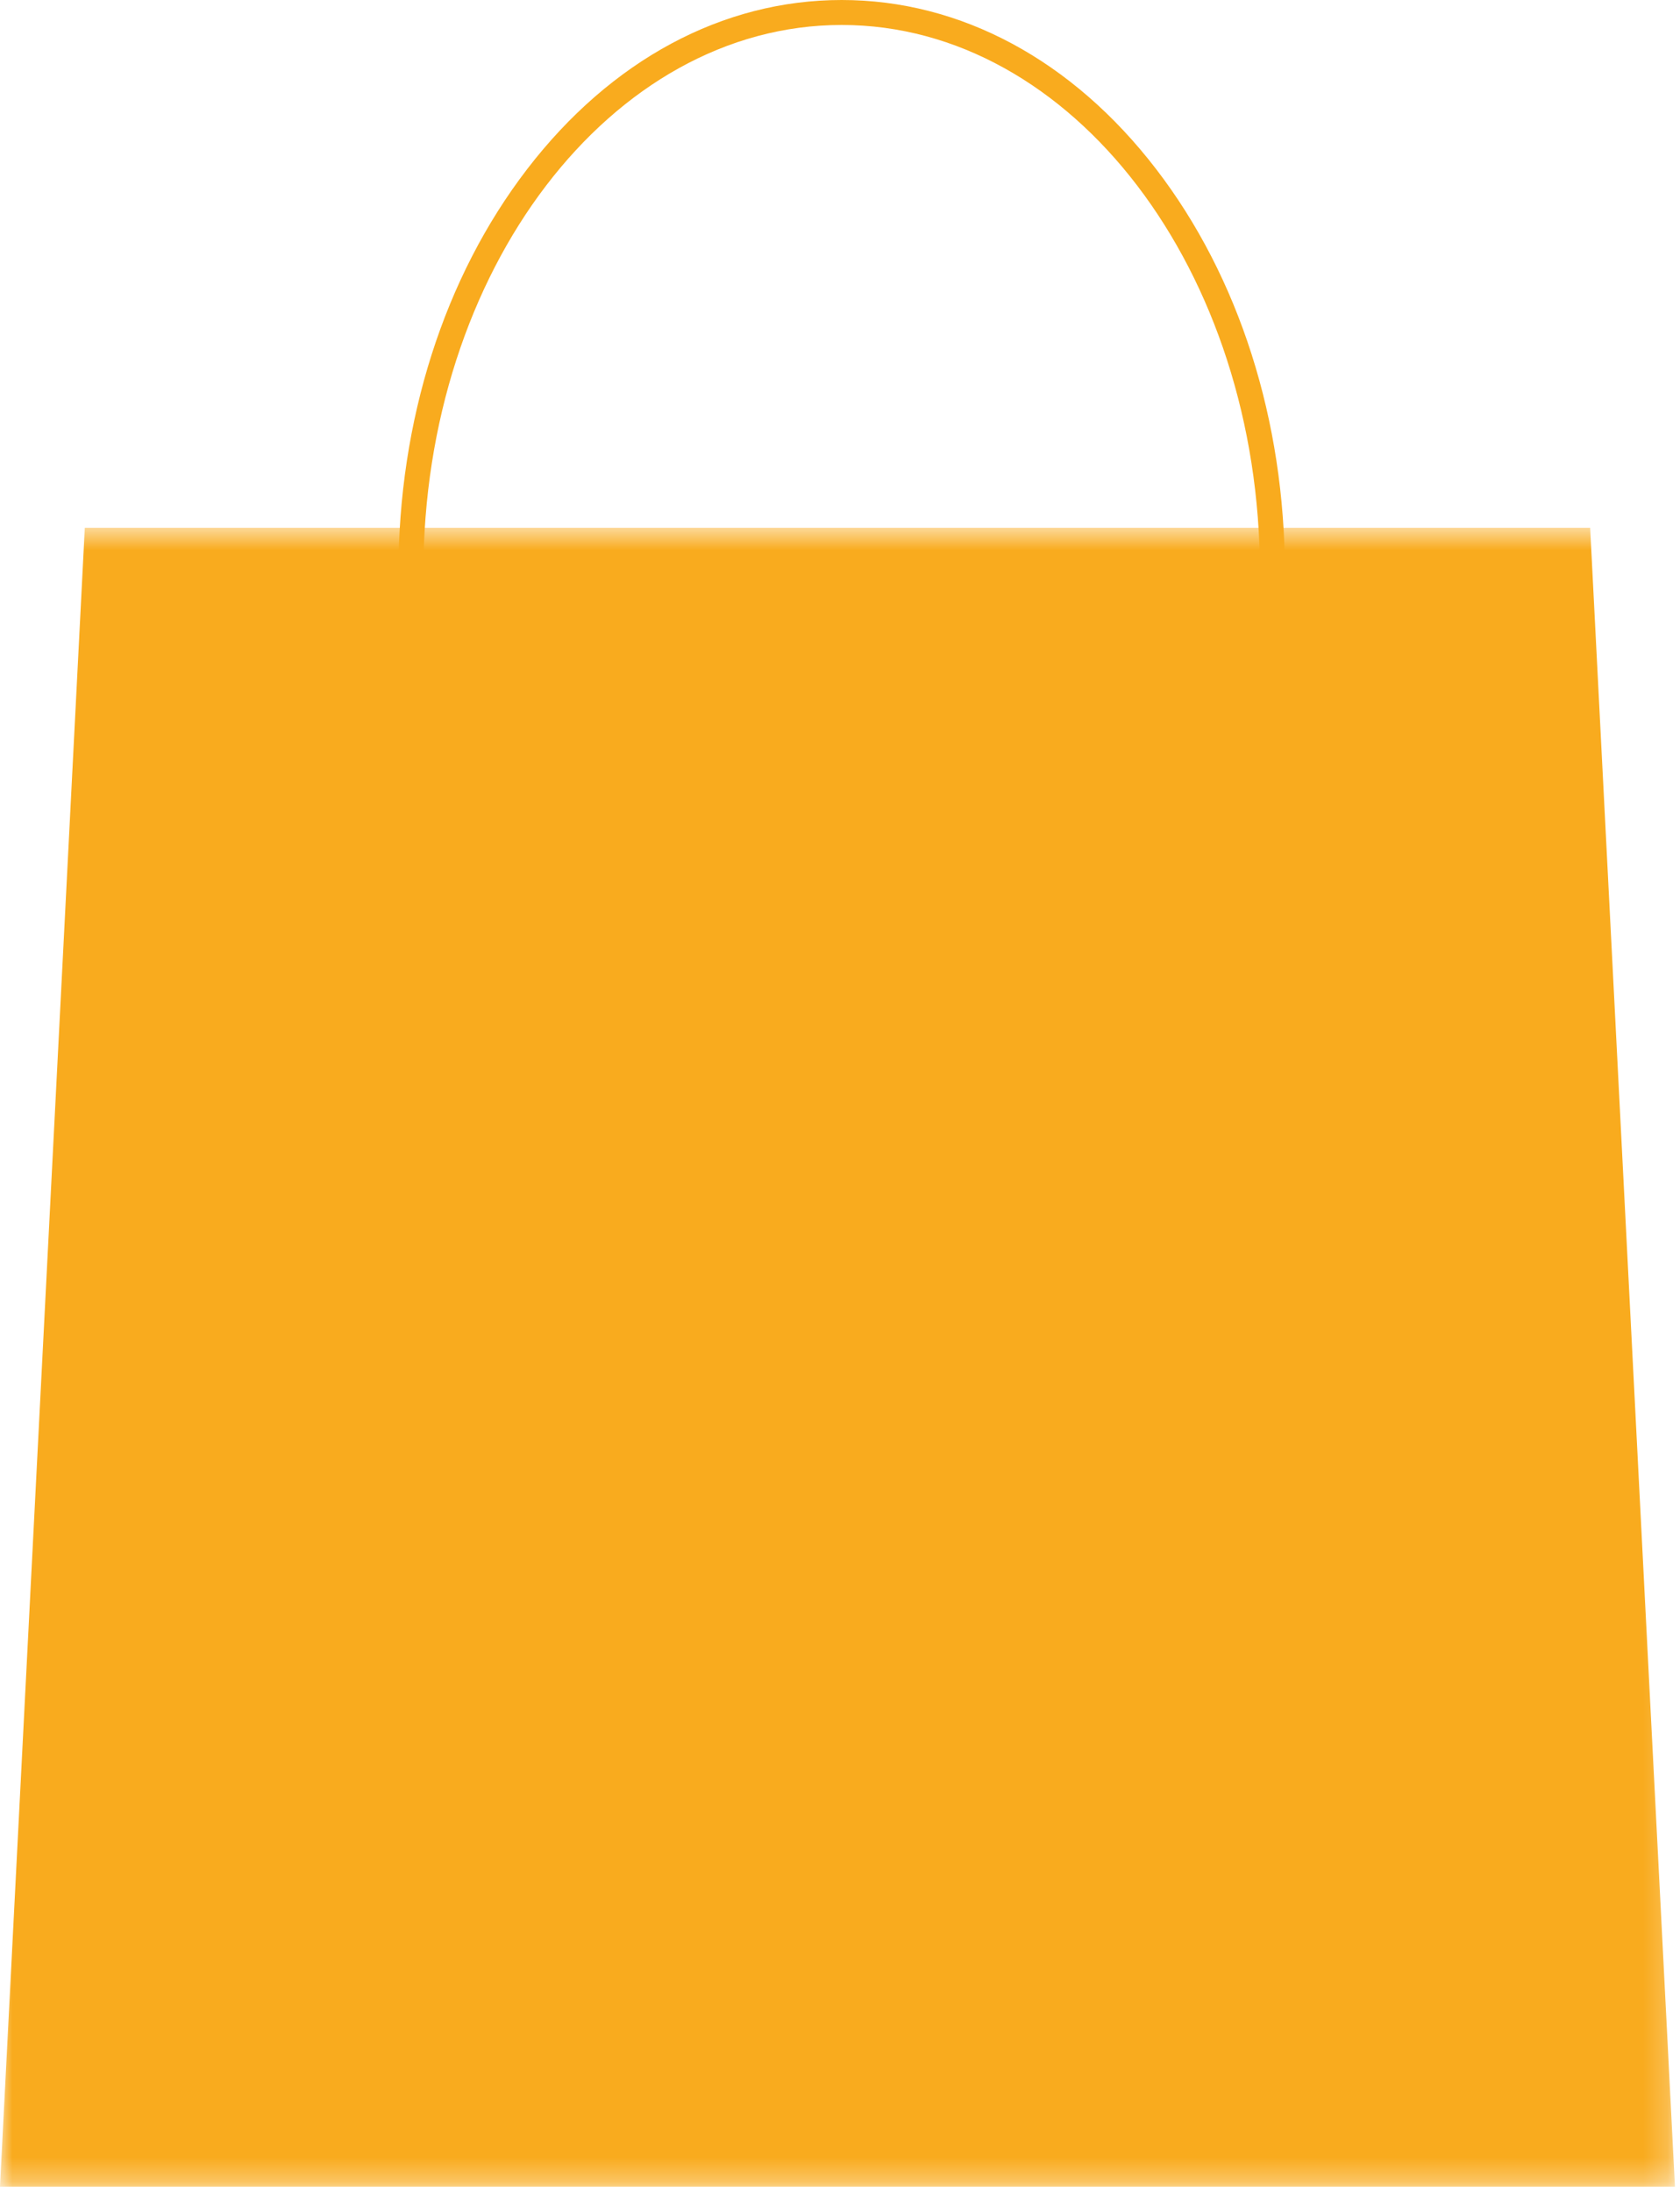 <?xml version="1.0" encoding="UTF-8" standalone="no"?>
<svg width="69px" height="90px" viewBox="0 0 69 90" version="1.1" xmlns="http://www.w3.org/2000/svg" xmlns:xlink="http://www.w3.org/1999/xlink">
    <!-- Generator: Sketch 39 (31667) - http://www.bohemiancoding.com/sketch -->
    <title>easy delivery</title>
    <desc>Created with Sketch.</desc>
    <defs>
        <polygon id="path-1" points="34.396 68.702 0 68.702 0 0.589 68.793 0.589 68.793 68.702 34.396 68.702"></polygon>
    </defs>
    <g id="seamless-landing" stroke="none" stroke-width="1" fill="none" fill-rule="evenodd">
        <g id="Gift-card-in-bag-Copy" transform="translate(-199, -590)">
            <g id="Group-2" transform="translate(0, 441)">
                <g id="easy-delivery" transform="translate(199, 149)">
                    <path d="M34.568,1.025 C25.096,1.025 17.389,11.122 17.389,23.534 C17.389,35.946 25.096,46.043 34.568,46.043 C44.041,46.043 51.748,35.946 51.748,23.534 C51.748,11.122 44.041,1.025 34.568,1.025 M34.568,47.067 C29.68,47.067 25.093,44.602 21.652,40.125 C18.242,35.688 16.364,29.796 16.364,23.534 C16.364,17.273 18.242,11.38 21.652,6.943 C25.093,2.466 29.68,0 34.568,0 C39.456,0 44.044,2.466 47.484,6.943 C50.895,11.38 52.772,17.272 52.772,23.534 C52.772,29.796 50.895,35.688 47.484,40.125 C44.044,44.602 39.456,47.067 34.568,47.067" id="Fill-1" fill="#F9AB1E"></path>
                    <g id="Group-5" transform="translate(0, 21.08)">
                        <mask id="mask-2" fill="white">
                            <use xlink:href="#path-1"></use>
                        </mask>
                        <g id="Clip-4"></g>
                        <polygon id="Fill-3" fill="#F9AB1E" mask="url(#mask-2)" points="68.793 68.702 -0 68.702 3.483 0.589 65.31 0.589"></polygon>
                    </g>
                </g>
            </g>
        </g>
    </g>
</svg>
══════
**Problem**
Could you output every entry exactly as written, skipping the pictures?

**Output below**
 <?xml version="1.0" encoding="UTF-8" standalone="no"?>
<svg width="69px" height="90px" viewBox="0 0 69 90" version="1.1" xmlns="http://www.w3.org/2000/svg" xmlns:xlink="http://www.w3.org/1999/xlink">
    <!-- Generator: Sketch 39 (31667) - http://www.bohemiancoding.com/sketch -->
    <title>easy delivery</title>
    <desc>Created with Sketch.</desc>
    <defs>
        <polygon id="path-1" points="34.396 68.702 0 68.702 0 0.589 68.793 0.589 68.793 68.702 34.396 68.702"></polygon>
    </defs>
    <g id="seamless-landing" stroke="none" stroke-width="1" fill="none" fill-rule="evenodd">
        <g id="Gift-card-in-bag-Copy" transform="translate(-199, -590)">
            <g id="Group-2" transform="translate(0, 441)">
                <g id="easy-delivery" transform="translate(199, 149)">
                    <path d="M34.568,1.025 C25.096,1.025 17.389,11.122 17.389,23.534 C17.389,35.946 25.096,46.043 34.568,46.043 C44.041,46.043 51.748,35.946 51.748,23.534 C51.748,11.122 44.041,1.025 34.568,1.025 M34.568,47.067 C29.68,47.067 25.093,44.602 21.652,40.125 C18.242,35.688 16.364,29.796 16.364,23.534 C16.364,17.273 18.242,11.38 21.652,6.943 C25.093,2.466 29.68,0 34.568,0 C39.456,0 44.044,2.466 47.484,6.943 C50.895,11.38 52.772,17.272 52.772,23.534 C52.772,29.796 50.895,35.688 47.484,40.125 C44.044,44.602 39.456,47.067 34.568,47.067" id="Fill-1" fill="#F9AB1E"></path>
                    <g id="Group-5" transform="translate(0, 21.08)">
                        <mask id="mask-2" fill="white">
                            <use xlink:href="#path-1"></use>
                        </mask>
                        <g id="Clip-4"></g>
                        <polygon id="Fill-3" fill="#F9AB1E" mask="url(#mask-2)" points="68.793 68.702 -0 68.702 3.483 0.589 65.31 0.589"></polygon>
                    </g>
                </g>
            </g>
        </g>
    </g>
</svg>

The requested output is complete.